Avec le dernier enregistrement en trio de Johan Lindvall, les joueurs développent le terrain couvert dans No City, No Tree, No Lake en 2019, mais emmènent la précision agitée de Johan dans des directions légèrement plus sombres et plutôt rêveuses.
Les pièces de cet album ont toutes été écrites par Johan autour du piano, mais l’interaction entre les trois laisse entendre l’importance de chaque élément. À certains moments, le piano, la basse et la batterie s’entrechoquent, provoquant des plumes ébouriffées et de petites collisions, tandis qu’à d’autres, ils restent en retrait, laissant l’espace et le temps se mêler au jeu et permettant à l’auditeur de tisser ses propres impressions.
C’est un trio de jazz, en fin de compte, et « Give Up » présente une ligne de basse classique et fluide sur laquelle le piano pose une étrange roue libre en écho qui est subtile ; les regards amusés qu’ils affichent sur les photos de l’album se reflètent définitivement dans leur style de jeu.
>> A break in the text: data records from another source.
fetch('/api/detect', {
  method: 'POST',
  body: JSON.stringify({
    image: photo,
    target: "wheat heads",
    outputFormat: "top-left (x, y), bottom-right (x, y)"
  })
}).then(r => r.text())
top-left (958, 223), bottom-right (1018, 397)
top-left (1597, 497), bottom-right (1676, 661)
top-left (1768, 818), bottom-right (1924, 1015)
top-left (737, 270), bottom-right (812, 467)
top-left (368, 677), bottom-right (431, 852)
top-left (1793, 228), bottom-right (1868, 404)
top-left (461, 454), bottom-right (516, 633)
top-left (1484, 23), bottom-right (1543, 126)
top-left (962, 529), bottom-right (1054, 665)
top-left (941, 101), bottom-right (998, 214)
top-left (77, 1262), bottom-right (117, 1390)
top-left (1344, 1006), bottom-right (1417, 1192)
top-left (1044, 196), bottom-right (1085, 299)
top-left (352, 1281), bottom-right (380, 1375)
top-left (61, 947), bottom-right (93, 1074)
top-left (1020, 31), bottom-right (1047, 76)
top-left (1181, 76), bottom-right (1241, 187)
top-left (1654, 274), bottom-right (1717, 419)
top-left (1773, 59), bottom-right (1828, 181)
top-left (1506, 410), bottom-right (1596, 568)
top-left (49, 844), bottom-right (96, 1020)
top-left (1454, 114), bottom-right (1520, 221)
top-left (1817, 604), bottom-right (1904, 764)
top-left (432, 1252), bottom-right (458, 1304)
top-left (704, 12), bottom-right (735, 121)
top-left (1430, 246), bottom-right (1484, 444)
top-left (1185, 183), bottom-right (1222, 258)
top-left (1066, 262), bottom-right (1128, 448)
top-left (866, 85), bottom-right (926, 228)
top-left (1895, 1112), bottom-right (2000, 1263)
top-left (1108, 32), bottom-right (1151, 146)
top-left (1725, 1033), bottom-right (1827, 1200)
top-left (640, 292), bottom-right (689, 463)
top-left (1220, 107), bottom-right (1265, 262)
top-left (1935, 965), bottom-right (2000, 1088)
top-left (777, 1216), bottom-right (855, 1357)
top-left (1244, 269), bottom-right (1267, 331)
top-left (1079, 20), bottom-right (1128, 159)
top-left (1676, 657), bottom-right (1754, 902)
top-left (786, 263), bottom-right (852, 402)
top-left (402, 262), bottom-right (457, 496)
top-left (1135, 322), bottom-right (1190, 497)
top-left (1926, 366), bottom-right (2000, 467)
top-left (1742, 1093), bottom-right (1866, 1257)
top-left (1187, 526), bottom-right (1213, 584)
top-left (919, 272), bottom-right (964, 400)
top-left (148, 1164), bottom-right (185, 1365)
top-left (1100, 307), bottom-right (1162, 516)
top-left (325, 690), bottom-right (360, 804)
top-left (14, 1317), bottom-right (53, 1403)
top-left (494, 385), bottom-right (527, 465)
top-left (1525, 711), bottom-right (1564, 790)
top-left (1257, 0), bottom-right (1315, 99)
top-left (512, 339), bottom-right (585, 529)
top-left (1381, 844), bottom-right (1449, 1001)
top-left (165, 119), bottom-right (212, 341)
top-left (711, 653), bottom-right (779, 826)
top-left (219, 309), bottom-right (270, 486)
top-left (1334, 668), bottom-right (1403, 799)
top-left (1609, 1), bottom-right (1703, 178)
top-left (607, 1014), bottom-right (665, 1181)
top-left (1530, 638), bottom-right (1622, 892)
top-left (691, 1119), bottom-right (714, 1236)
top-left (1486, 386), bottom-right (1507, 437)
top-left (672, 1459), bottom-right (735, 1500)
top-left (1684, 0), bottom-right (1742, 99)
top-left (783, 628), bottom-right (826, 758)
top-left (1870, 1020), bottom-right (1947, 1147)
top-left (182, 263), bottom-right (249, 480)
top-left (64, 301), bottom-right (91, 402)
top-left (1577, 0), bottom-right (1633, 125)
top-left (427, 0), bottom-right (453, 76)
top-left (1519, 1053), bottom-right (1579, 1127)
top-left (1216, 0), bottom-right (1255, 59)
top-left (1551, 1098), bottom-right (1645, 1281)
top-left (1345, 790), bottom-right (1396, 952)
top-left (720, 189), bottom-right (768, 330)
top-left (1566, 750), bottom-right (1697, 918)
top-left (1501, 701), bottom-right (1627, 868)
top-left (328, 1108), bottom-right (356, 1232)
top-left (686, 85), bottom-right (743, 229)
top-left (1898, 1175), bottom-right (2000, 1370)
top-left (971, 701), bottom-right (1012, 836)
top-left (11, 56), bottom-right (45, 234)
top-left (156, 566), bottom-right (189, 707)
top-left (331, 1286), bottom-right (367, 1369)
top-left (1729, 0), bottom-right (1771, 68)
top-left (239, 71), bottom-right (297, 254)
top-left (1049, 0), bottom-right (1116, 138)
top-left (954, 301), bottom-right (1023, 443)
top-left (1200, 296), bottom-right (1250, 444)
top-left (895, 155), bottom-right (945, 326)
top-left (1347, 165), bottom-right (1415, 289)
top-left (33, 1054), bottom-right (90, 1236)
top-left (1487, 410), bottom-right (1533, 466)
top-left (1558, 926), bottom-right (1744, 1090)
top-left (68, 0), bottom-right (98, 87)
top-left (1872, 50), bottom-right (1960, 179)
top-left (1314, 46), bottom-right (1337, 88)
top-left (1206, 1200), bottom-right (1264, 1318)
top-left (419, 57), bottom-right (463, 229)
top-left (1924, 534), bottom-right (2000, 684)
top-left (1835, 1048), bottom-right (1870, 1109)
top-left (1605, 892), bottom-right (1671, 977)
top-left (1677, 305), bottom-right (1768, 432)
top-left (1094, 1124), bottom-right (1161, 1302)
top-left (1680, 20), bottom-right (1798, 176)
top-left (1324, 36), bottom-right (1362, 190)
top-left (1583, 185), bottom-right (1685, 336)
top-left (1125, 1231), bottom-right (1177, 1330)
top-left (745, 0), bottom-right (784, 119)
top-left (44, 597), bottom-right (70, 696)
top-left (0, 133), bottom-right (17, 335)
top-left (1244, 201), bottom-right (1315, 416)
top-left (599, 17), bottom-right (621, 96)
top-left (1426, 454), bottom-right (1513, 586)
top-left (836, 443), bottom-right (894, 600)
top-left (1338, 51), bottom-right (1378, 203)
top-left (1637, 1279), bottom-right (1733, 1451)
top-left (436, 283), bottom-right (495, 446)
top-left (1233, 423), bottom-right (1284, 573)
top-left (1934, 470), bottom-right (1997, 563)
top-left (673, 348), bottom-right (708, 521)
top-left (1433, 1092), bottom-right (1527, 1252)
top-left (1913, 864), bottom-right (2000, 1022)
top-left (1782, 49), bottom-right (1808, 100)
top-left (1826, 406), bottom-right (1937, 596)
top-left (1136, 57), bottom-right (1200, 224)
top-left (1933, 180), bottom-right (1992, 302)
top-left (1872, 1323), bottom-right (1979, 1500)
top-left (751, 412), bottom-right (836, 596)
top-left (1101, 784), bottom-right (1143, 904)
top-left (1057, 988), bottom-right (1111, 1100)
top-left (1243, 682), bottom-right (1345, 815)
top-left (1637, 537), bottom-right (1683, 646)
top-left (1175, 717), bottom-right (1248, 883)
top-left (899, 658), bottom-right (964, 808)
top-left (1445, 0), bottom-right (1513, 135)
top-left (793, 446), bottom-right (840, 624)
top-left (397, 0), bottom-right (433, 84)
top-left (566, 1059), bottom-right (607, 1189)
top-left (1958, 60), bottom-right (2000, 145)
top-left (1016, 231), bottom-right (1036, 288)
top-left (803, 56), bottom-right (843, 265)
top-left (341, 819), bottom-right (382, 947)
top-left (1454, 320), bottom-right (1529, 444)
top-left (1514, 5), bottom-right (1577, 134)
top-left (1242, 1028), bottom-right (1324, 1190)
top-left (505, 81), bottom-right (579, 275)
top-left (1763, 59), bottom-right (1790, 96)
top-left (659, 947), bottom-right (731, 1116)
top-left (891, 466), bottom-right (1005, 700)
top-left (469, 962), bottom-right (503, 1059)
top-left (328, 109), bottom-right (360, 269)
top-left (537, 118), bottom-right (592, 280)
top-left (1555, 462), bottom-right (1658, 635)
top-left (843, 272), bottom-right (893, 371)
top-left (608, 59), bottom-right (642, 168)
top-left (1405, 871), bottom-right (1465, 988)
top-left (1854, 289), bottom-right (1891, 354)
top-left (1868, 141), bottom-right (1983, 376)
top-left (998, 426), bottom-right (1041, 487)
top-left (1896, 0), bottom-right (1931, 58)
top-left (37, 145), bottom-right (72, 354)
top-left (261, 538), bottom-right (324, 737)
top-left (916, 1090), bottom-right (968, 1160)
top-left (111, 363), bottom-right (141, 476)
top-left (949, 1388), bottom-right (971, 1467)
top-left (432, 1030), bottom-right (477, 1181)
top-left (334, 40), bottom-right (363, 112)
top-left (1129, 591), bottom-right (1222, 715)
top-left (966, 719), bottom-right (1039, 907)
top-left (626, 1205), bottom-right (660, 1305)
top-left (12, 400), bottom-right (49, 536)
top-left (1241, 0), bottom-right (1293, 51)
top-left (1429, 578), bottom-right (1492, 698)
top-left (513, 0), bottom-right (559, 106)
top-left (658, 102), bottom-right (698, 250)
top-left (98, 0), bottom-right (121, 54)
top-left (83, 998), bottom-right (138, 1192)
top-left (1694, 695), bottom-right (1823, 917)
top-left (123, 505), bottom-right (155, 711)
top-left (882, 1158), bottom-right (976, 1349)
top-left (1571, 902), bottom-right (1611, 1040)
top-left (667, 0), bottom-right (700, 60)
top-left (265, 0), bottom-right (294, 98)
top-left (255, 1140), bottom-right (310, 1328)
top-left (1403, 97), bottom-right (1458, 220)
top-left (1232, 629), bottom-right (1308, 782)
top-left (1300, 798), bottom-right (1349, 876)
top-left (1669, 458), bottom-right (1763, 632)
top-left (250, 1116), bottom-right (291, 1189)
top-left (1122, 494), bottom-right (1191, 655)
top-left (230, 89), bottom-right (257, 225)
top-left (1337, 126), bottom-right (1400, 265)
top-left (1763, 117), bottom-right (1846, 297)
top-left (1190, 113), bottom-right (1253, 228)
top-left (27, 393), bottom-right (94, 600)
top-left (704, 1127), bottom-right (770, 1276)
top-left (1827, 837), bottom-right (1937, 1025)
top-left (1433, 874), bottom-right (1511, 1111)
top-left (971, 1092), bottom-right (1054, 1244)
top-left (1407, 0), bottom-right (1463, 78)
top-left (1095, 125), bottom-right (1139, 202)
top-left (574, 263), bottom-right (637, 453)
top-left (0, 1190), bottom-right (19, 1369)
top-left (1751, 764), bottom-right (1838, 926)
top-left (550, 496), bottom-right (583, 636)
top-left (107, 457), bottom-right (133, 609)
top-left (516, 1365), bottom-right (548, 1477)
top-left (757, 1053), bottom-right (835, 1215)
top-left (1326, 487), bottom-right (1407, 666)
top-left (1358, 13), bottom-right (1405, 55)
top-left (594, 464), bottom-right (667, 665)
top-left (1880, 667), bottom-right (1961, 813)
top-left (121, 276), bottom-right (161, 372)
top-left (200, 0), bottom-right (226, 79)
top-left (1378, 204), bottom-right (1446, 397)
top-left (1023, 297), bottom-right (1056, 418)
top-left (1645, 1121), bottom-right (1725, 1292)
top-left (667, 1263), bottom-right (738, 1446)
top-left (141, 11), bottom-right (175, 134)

On a l’impression que c’est pour leur propre amusement et c’est un vrai bonus que l’auditeur puisse trouver autant d’attrait au résultat final.
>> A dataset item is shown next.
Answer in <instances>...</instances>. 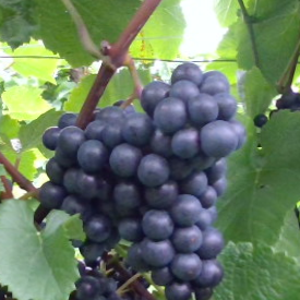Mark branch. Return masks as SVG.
<instances>
[{"label": "branch", "mask_w": 300, "mask_h": 300, "mask_svg": "<svg viewBox=\"0 0 300 300\" xmlns=\"http://www.w3.org/2000/svg\"><path fill=\"white\" fill-rule=\"evenodd\" d=\"M160 3L161 0H144L115 44H111L108 40H102L99 50V47L93 42L90 32L87 30L86 25L83 23L74 5L68 0L63 1V4L67 7L68 12L78 27L79 37L84 48L93 56L102 60L98 76L90 88L83 107L79 111V117L77 119L79 126L84 127L85 123L92 119V112L115 70L121 65L122 60L127 55L129 45L136 35L140 33Z\"/></svg>", "instance_id": "30e6481e"}, {"label": "branch", "mask_w": 300, "mask_h": 300, "mask_svg": "<svg viewBox=\"0 0 300 300\" xmlns=\"http://www.w3.org/2000/svg\"><path fill=\"white\" fill-rule=\"evenodd\" d=\"M21 161L22 158L20 156H16L11 162L6 155L0 152V164L8 174V178L5 175L0 177V181L5 188V192H0V199L10 200L13 197L12 188L14 187V182L28 194H33L35 192V189L29 183L28 179L20 171H18Z\"/></svg>", "instance_id": "325d2c04"}]
</instances>
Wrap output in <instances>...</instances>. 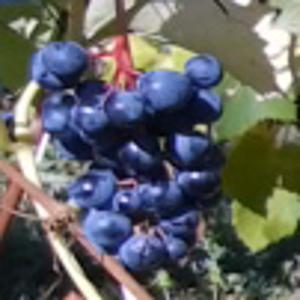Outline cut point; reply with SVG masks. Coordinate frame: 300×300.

Il y a un côté ludique dans le jeu du piano, dont le ton est haut et léger, mais qui produit souvent ce que l’on attend le moins. La basse d’Adrian Myhr, quant à elle, a le pied léger et se contente de passer un bras autour de l’épaule du piano pour se laisser aller à ses impulsions les plus folles. Le tout est rejoint par la batterie texturée d’Andreas Skår Winther qui fait allusion au rythme, mais qui s’intéresse davantage aux allusions et aux fioritures qui esquissent la toile de fond dans des tons impressionnistes et printaniers.
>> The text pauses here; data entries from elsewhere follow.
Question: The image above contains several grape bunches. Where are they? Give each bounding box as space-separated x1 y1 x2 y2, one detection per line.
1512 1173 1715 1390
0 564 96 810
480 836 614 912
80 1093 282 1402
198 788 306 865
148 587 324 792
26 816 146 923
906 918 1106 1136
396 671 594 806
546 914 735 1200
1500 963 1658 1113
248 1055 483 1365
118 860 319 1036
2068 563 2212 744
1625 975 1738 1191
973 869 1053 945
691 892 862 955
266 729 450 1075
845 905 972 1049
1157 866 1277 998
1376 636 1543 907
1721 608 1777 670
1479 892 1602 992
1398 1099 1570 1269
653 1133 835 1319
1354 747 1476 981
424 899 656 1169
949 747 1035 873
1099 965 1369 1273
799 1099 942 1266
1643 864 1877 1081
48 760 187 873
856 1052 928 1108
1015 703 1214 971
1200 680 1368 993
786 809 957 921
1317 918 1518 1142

Leur ajustement est parfois maladroit, mais il y a un but à cette maladresse que l’on comprend progressivement au fil de l’album. C’est comme s’ils étaient si heureux de jouer ensemble qu’ils avaient juste besoin d’ajouter une touche de drame ou d’intrigue pour contrebalancer les choses. On peut presque sentir l’inquiétude face au temps qui passe dans le rythme effréné de « Listen », tandis que la chaleur rêveuse de « Getting Out » ressemble davantage à une couverture, avec le roulement et le tapotement de la batterie, un massage apaisant après une dure journée. Cette capacité à passer d’une humeur à l’autre rend le voyage agréable et les morceaux se terminent souvent au moment où l’on s’y attend le moins, ce qui vous donne envie d’en redemander.
Il y a des interludes à la Erik Satie qui se déroulent comme un matin d’automne et qui ne sont pas étrangers à la mélancolie de la fin de soirée, lorsqu’on boit un café à 3 heures du matin dans un bar miteux, en réfléchissant au monde et à ses méandres compliqués. Vers la fin, une foule enthousiaste encourage les joueurs et semble leur donner un peu plus d’élan, cette fois sous l’impulsion de l’initiative percussive d’Andreas. Il pousse les deux autres, son rythme s’entrechoquant comme les tasses de café sur les tables, les cloches semblant sonner à l’unisson.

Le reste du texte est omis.